Segment Start: Data supplied
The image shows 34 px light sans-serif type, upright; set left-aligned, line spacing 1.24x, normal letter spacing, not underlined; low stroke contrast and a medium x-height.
Segment End: Data supplied
Segment Start: Data supplied
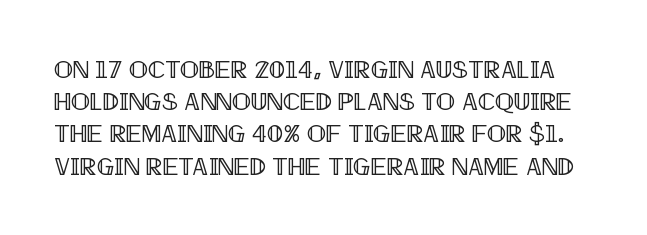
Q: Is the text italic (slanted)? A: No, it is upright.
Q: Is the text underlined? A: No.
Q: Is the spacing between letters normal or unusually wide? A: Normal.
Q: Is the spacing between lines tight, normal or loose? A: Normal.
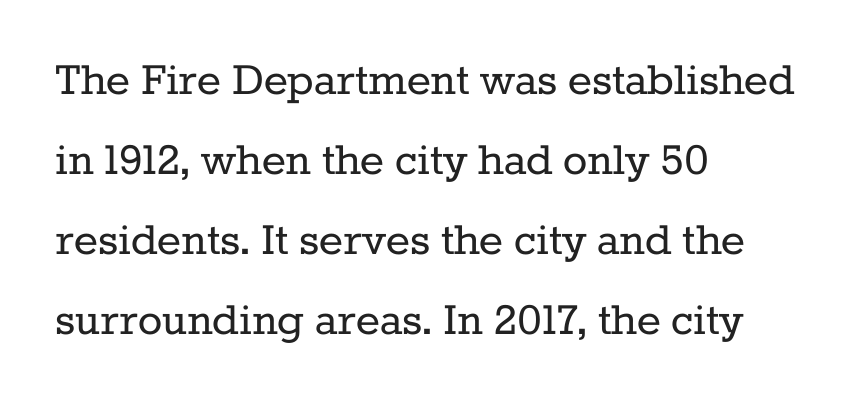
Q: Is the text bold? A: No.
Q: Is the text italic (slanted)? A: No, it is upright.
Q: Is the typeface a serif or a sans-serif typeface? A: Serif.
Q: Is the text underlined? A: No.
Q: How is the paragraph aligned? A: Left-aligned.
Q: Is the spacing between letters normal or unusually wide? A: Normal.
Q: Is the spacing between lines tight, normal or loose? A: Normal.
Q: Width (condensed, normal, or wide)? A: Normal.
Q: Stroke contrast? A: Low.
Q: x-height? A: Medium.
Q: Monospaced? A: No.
Segment End: Data supplied
= What is being asked =
Go over the listing above and copy out each line that includes "serif".

= Written solution =
The image shows 34 px light sans-serif type, upright; set left-aligned, line spacing 1.24x, normal letter spacing, not underlined; low stroke contrast and a medium x-height.
Q: Is the typeface a serif or a sans-serif typeface? A: Serif.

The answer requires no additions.